## Exercise data
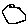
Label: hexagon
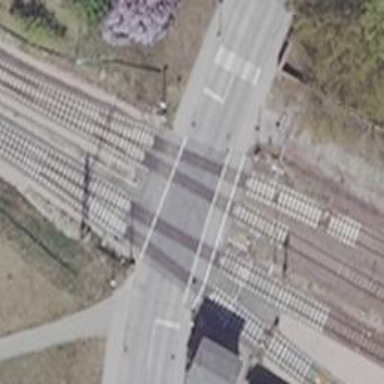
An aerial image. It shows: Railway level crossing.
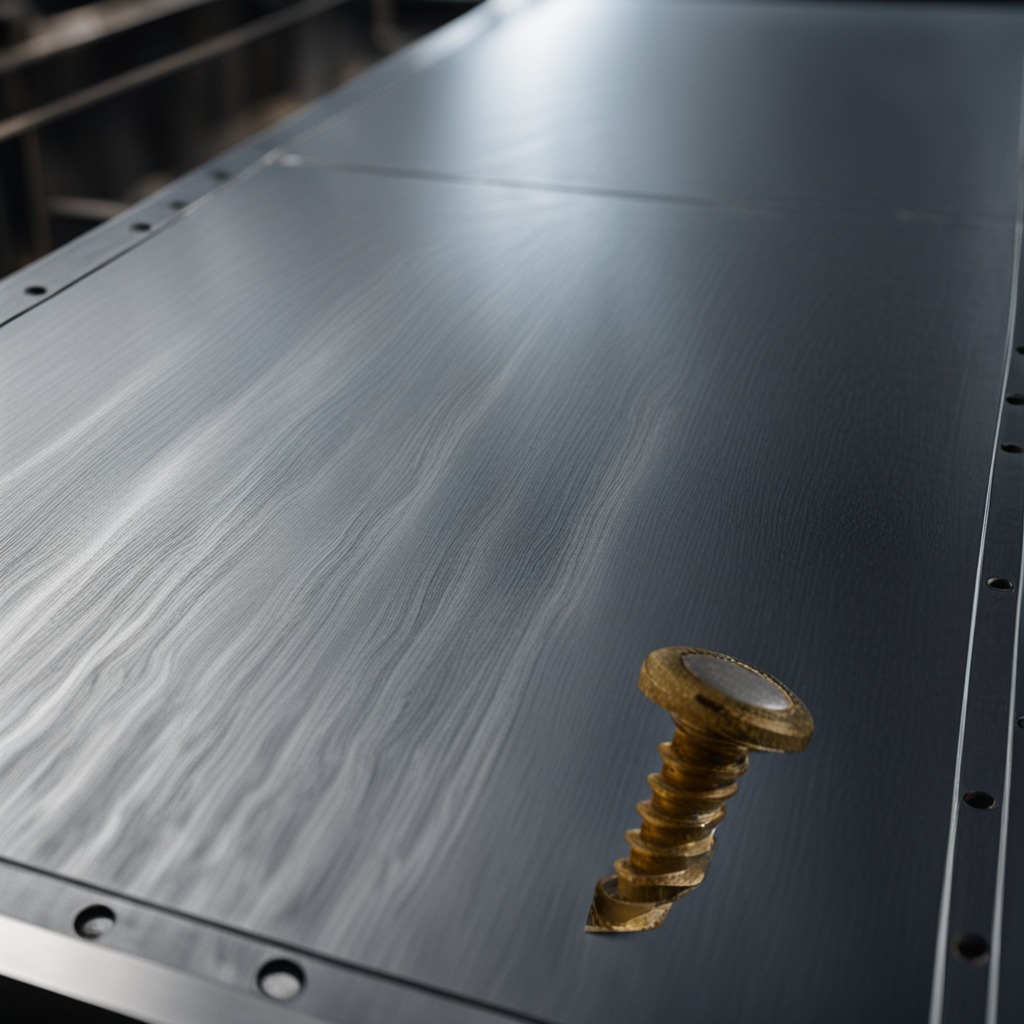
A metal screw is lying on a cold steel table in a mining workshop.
---
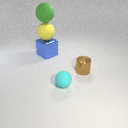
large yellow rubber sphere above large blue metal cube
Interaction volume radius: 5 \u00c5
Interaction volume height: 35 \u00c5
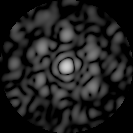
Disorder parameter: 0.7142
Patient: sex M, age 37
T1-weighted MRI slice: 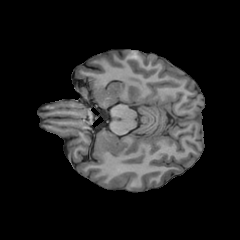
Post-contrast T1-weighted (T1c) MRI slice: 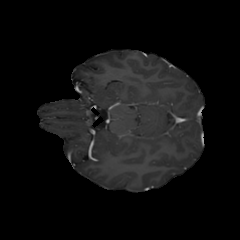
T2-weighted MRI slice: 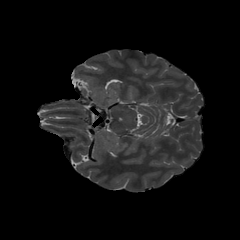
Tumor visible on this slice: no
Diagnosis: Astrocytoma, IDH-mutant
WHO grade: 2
==
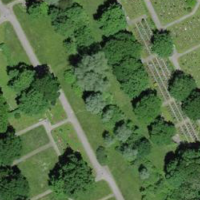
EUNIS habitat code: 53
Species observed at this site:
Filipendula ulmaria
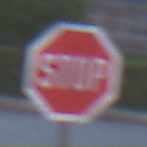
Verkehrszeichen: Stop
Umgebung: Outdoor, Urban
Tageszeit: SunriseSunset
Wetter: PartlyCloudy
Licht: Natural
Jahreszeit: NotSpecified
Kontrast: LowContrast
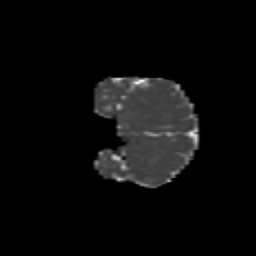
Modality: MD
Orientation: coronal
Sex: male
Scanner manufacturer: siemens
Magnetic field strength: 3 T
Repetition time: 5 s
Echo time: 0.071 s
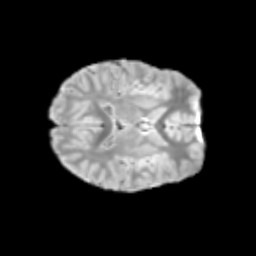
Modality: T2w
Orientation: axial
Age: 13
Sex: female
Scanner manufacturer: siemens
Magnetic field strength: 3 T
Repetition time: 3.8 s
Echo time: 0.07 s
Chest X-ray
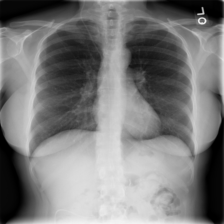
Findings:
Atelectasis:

## About this task
The lines above starting at the one that holds "Post-contrast T1-weighted (T1c)" and ending at the one that holds "WHO grade: 2" are to be written out exactly, ends included, and no pictures are to be copied.

## Answer area
Post-contrast T1-weighted (T1c) MRI slice: 
T2-weighted MRI slice: 
Tumor visible on this slice: no
Diagnosis: Astrocytoma, IDH-mutant
WHO grade: 2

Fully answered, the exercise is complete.